So much was normal reasoning. Now the strictly technical logic of the Med Service took over to explain the current state of things. In one century or less an isolated community could lose, absolutely, its defenses against diseases to which it was never exposed. Amerinds were without defense against smallpox, back on Earth. A brown race scattered among thousands of tiny islands was nearly wiped out by measles when it was introduced. Any contact between a long-isolated community and another—perhaps itself long-isolated—would bring out violently any kind of contagion that might exist in either.

There was the mechanism of carriers. The real frequency of disease-carriers in the human race had been established less than two generations ago. A very small, isolated population could easily contain a carrier or carriers of some infection. They could spread it so freely that every member of their group acquired immunity during infancy. But a different isolated group might contain a carrier of a different infection and be immune but distributive of it.
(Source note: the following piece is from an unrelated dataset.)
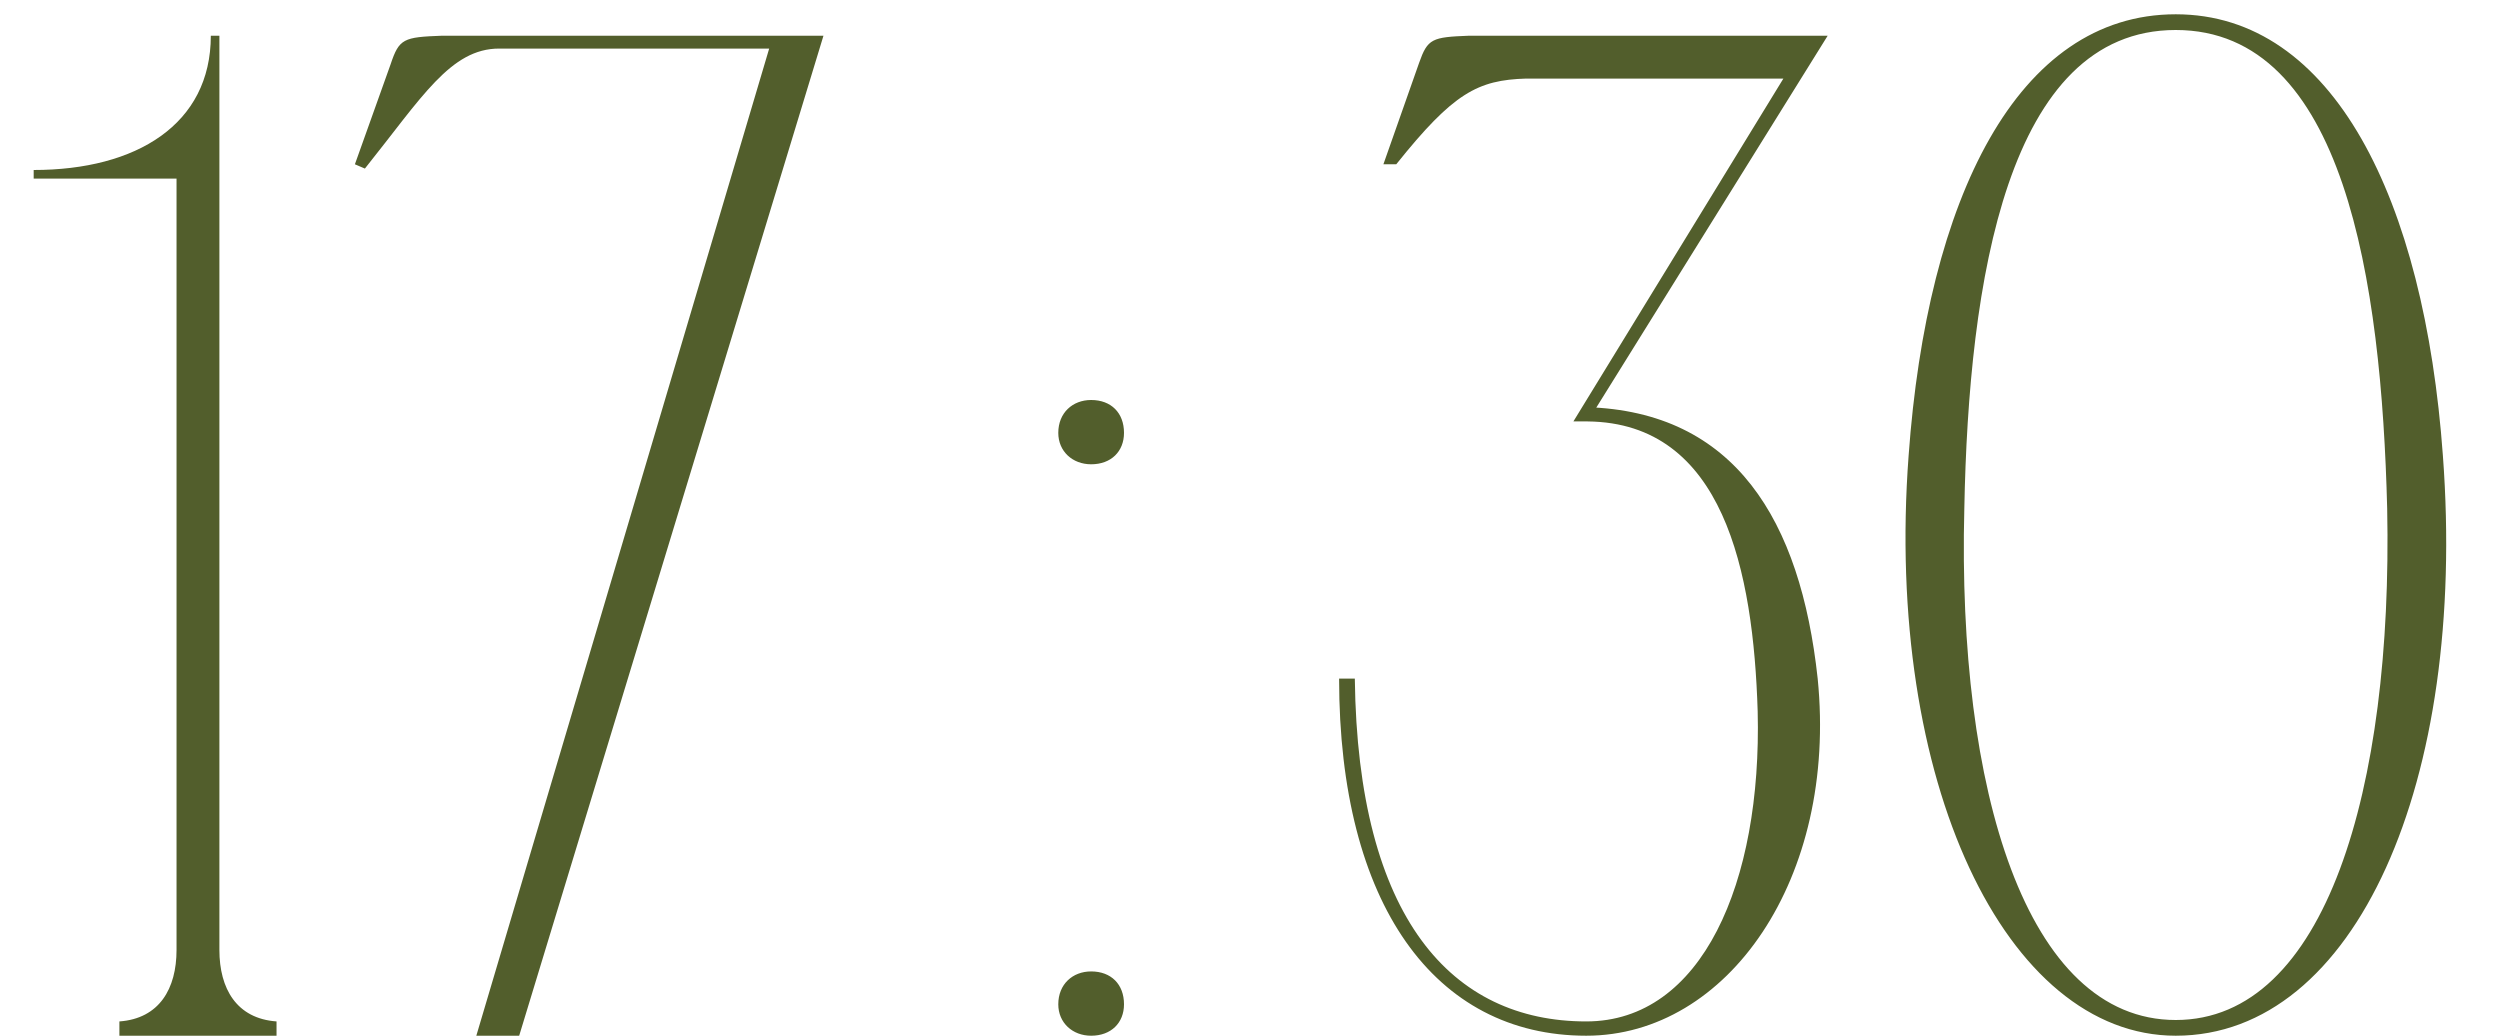 <?xml version="1.0" encoding="UTF-8"?> <svg xmlns="http://www.w3.org/2000/svg" width="70" height="29" viewBox="0 0 70 29" fill="none"><path d="M6.143 29H4.943V5H0.943V4.76C3.823 4.76 5.903 3.48 5.903 1H6.143V29ZM3.343 29V28.6C4.463 28.52 4.943 27.68 4.943 26.6L5.343 29H3.343ZM7.743 28.6V29H5.743L6.143 26.6C6.143 27.68 6.623 28.52 7.743 28.6ZM21.897 1H23.057L14.537 29H13.337L21.537 1.36H13.977C12.617 1.36 11.817 2.72 10.217 4.72L9.937 4.6L10.937 1.8C11.177 1.08 11.297 1.04 12.377 1H21.897ZM29.632 28.12C29.632 27.56 30.032 27.2 30.552 27.2C31.112 27.2 31.472 27.56 31.472 28.12C31.472 28.64 31.112 29 30.552 29C30.032 29 29.632 28.64 29.632 28.12ZM29.632 12.12C29.632 11.56 30.032 11.2 30.552 11.2C31.112 11.2 31.472 11.56 31.472 12.12C31.472 12.64 31.112 13 30.552 13C30.032 13 29.632 12.64 29.632 12.12ZM37.495 19H37.935C38.015 25.72 40.655 28.6 44.415 28.6C47.655 28.6 49.335 24.72 49.215 19.92C49.095 16 48.255 11.84 44.455 11.8L44.415 11.4C48.575 11.52 50.415 14.56 50.895 19C51.455 24.6 48.375 29 44.415 29C40.175 29 37.495 25.32 37.495 19ZM38.735 4.6L39.735 1.76C39.975 1.08 40.095 1.04 41.135 1H51.175L44.455 11.8H44.055L49.935 2.2H42.735C41.375 2.24 40.695 2.6 39.095 4.6H38.735ZM60.921 0.4C65.321 0.4 67.881 5.56 68.401 12.76C69.081 21.88 65.961 29 60.921 29C56.161 29 52.761 21.88 53.441 12.76C53.961 5.56 56.481 0.4 60.921 0.4ZM60.921 28.56C65.121 28.56 67.001 22.08 66.841 14.24C66.681 7.88 65.641 0.84 60.921 0.84C56.201 0.84 55.121 7.88 55.001 14.24C54.801 22.08 56.721 28.56 60.921 28.56Z" fill="#525E2C"></path></svg>

It was literally true that each of the three cities might have developed in their first century of isolation a separate immunity to one disease and a separate defenselessness against all others. A member of one community might be actually deadly to a member of either of the others whom he met face to face.

With icy wind blowing upon him as the sledge rushed on, Calhoun wryly realized that all this was wholly familiar. It was taught, nowadays, that something of the sort had caused the ancient, primitive human belief that women were perilous to men, and a man must exercise great precaution to avoid evil mana emanating from his prospective bride. When wives were acquired by capture and all human communities were small and fiercely self-isolated—why each unsanitary tribal group might easily acquire a condition like that assumed in cities One, Two, and Three. The primitive suspicion of woman would have its basis in reality if the women of one tribe possessed immunity to some deadly microbe their skin or garments harbored—and if their successful abductors had no defense against it.

The speeding sledge swerved. It leaned inward against the turn. It swerved again, throwing monstrous sheets of snow aloft. Then the drive-jet lessened its roar. The shimmering bow-waves ceased. The sledge slowed to a mere headlong glide.

"Their trail!" Hunt cried in Calhoun's ear.

Calhoun saw depressions in the snow. There were two sets of pear-shaped dents in the otherwise virgin surface. Two man beings, wearing oblong frames on their feet, criss-crossed with cordage to support them atop the snow, had trudged ahead, here, through the gold-blue night.


Calhoun knew exactly what had happened. He could make the modifications the local situation imposed upon a standard pattern, and reconstitute a complete experience leading up to now.

A girl in heavy, clumsy garments had mounted guard in a Two City sentry-post above a snow-filled mountain valley. There were long and bitter-cold hours of watching, in which nothing whatever happened. Eternal snows seemed eternally the same, and there was little in life but monotony. But she'd known that across the valley there was another lonely watcher from an alien city, the touch of whose hand or even whose breath would mean sickness and death. She'd have mused upon the strangeness that protected her in this loneliness—because her touch or her breath would be contagion upon him, too. She'd have begun by feeling a vague dread of the other sentry. But presently, perhaps, there came a furtive call on the walkie-frequency used by sentries for communication with their own cities.